The Dollar index (DXY) has broken below the 97 psychological level for the first time since March and is set to wrap up three consecutive weeks of declines. Having returned to pre-pandemic levels, the Dollar’s tumble is an overt sign of the risk-on stance in the markets.
The Euro’s climb is having a major influence on the DXY decline, with the former accounting for 57.6 percent of the index’s total weighting. EURUSD’s breaching of the 1.1350 mark as the European Central Bank added €600 billion to its emergency bond-buying stimulus package at its meeting yesterday is exerting further downward pressure on the DXY.

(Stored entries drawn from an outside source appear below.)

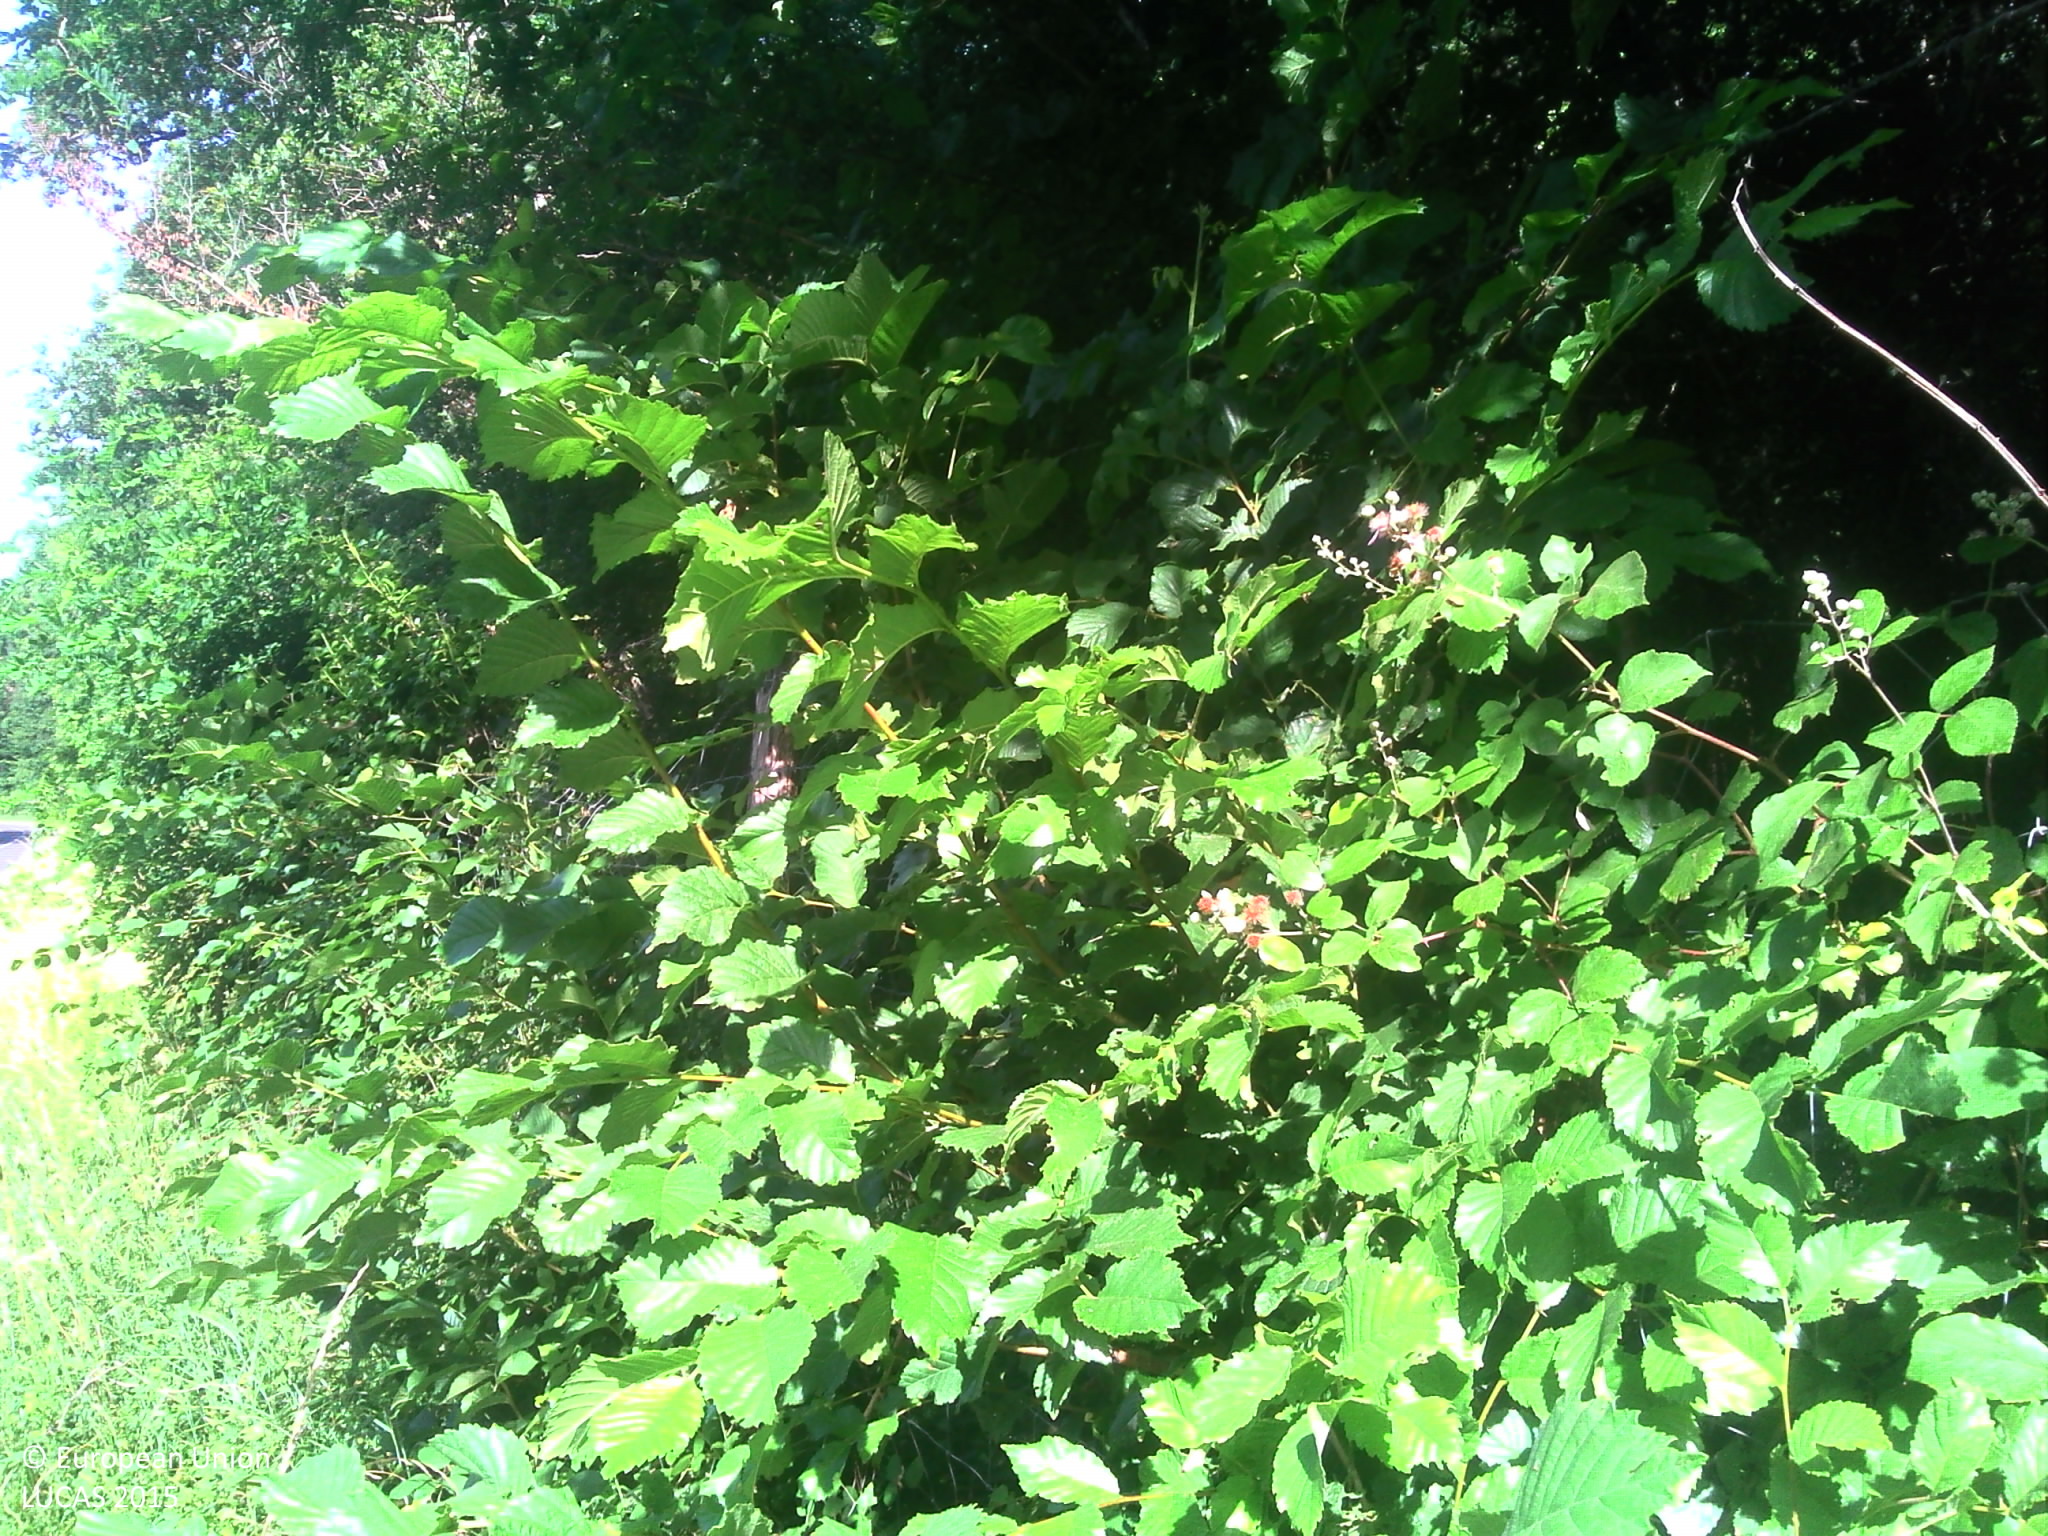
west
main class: Woodland
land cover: Broadleaved woodland
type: mesophytic deciduous forest
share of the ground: > 75 %
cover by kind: herbaceous plants 40 %, unconsolidated bare surface 40 %, broadleaved forest trees 20 %
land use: Forestry
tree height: > 5 m
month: June
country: FR
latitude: 47.5024
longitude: 1.3425
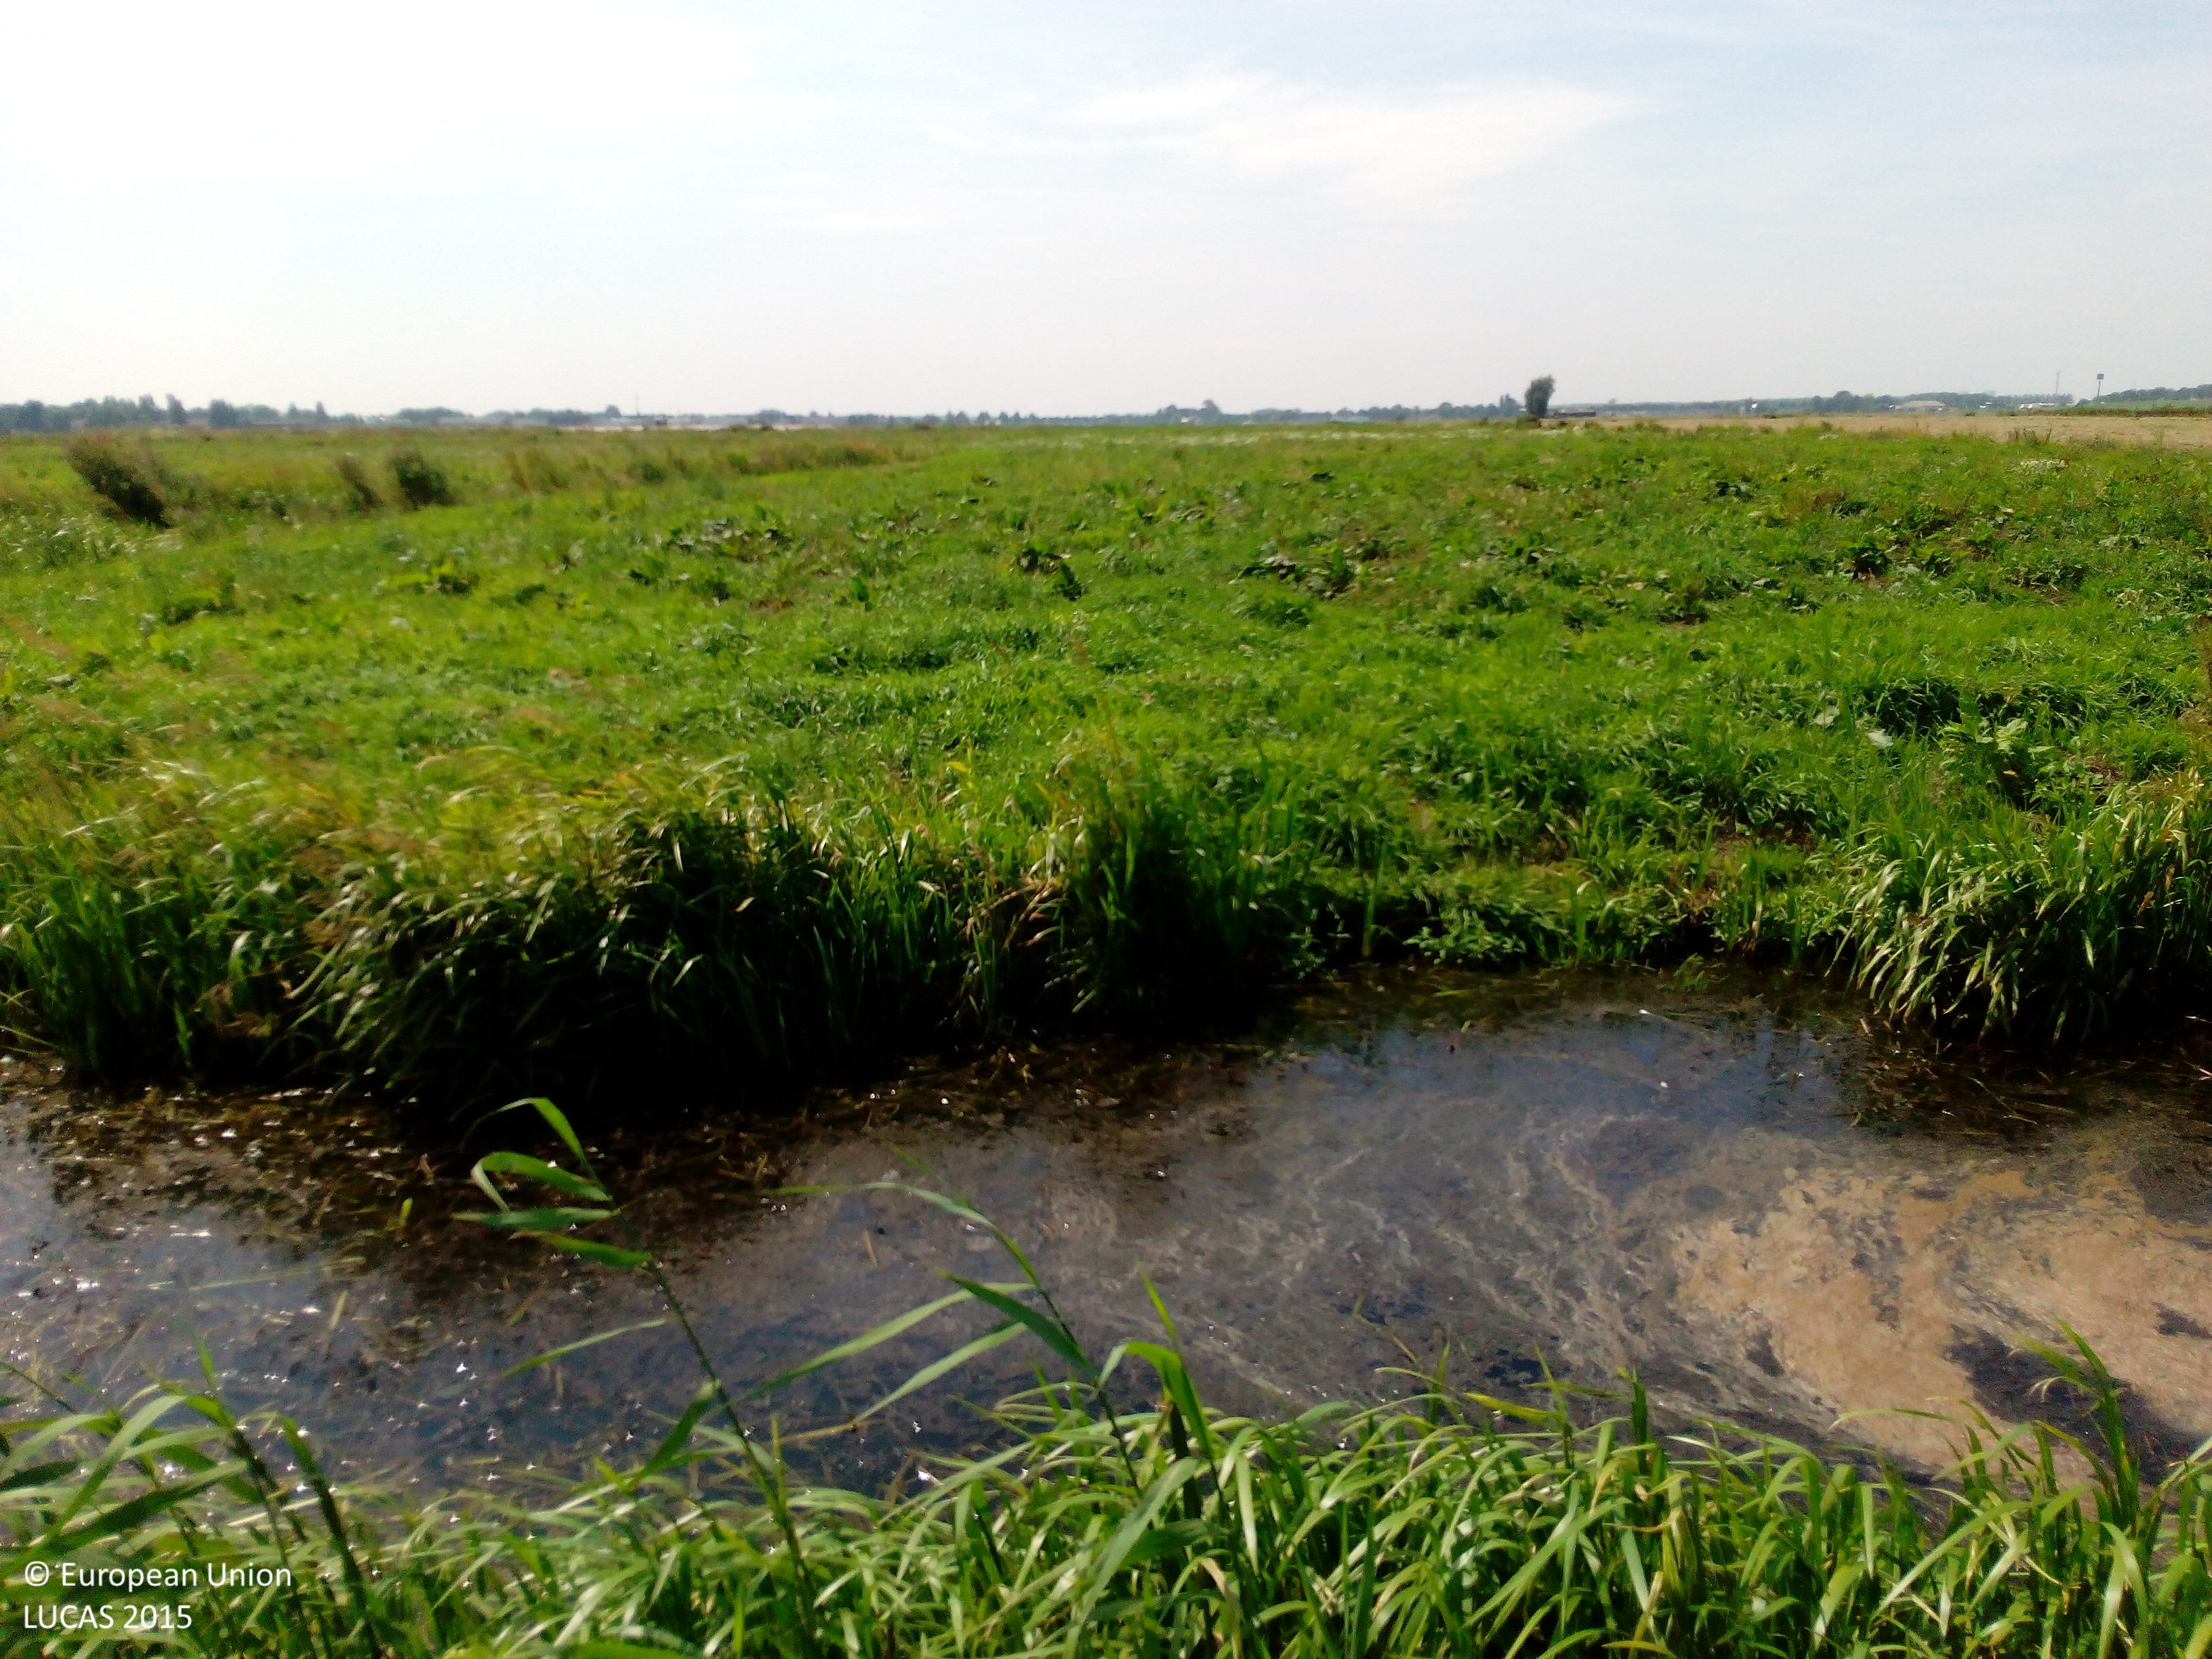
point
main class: Grassland
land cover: Grassland without tree/shrub cover
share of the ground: > 75 %
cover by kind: herbaceous plants 80 %, unconsolidated bare surface 20 %
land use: Agriculture (excluding fallow land and kitchen gardens)
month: August
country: NL
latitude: 52.0060
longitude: 4.6792

The US Dollar’s decline also comes ahead of the May non-farm payrolls due later Friday. Markets are forecasting a contraction of 7.5 million jobs last month, after the historic loss of over 20 million in the prior report, while the unemployment rate is expected to breach 19 percent. Despite the carnage evident in the US jobs market left in the wake of COVID-19, global investors have grown accustomed to this narrative since US weekly jobless claims begin soaring in the second half of March. Hence, financial markets are likely to look past today’s jobs numbers, barring any massive surprise, especially as the May 12 cut-off for the report points to the data not considering any re-opening measures in the second half of the month.
From a technical perspective, the DXY looks poised for a significant rebound, with the 14-day relative strength index (RSI) having broken into oversold territory. Previous forays below the 30 line on the RSI, most recently in December and March, subsequently led to rallies in the Greenback. However, the downward momentum was not as forceful during those two previous episodes, so it remains to be seen how much the Dollar can pare its losses amid the present risk-on environment. At least Dollar bulls can take heart from the fact that since 2019, the DXY’s ventures below its 200-day moving average have not lasted long.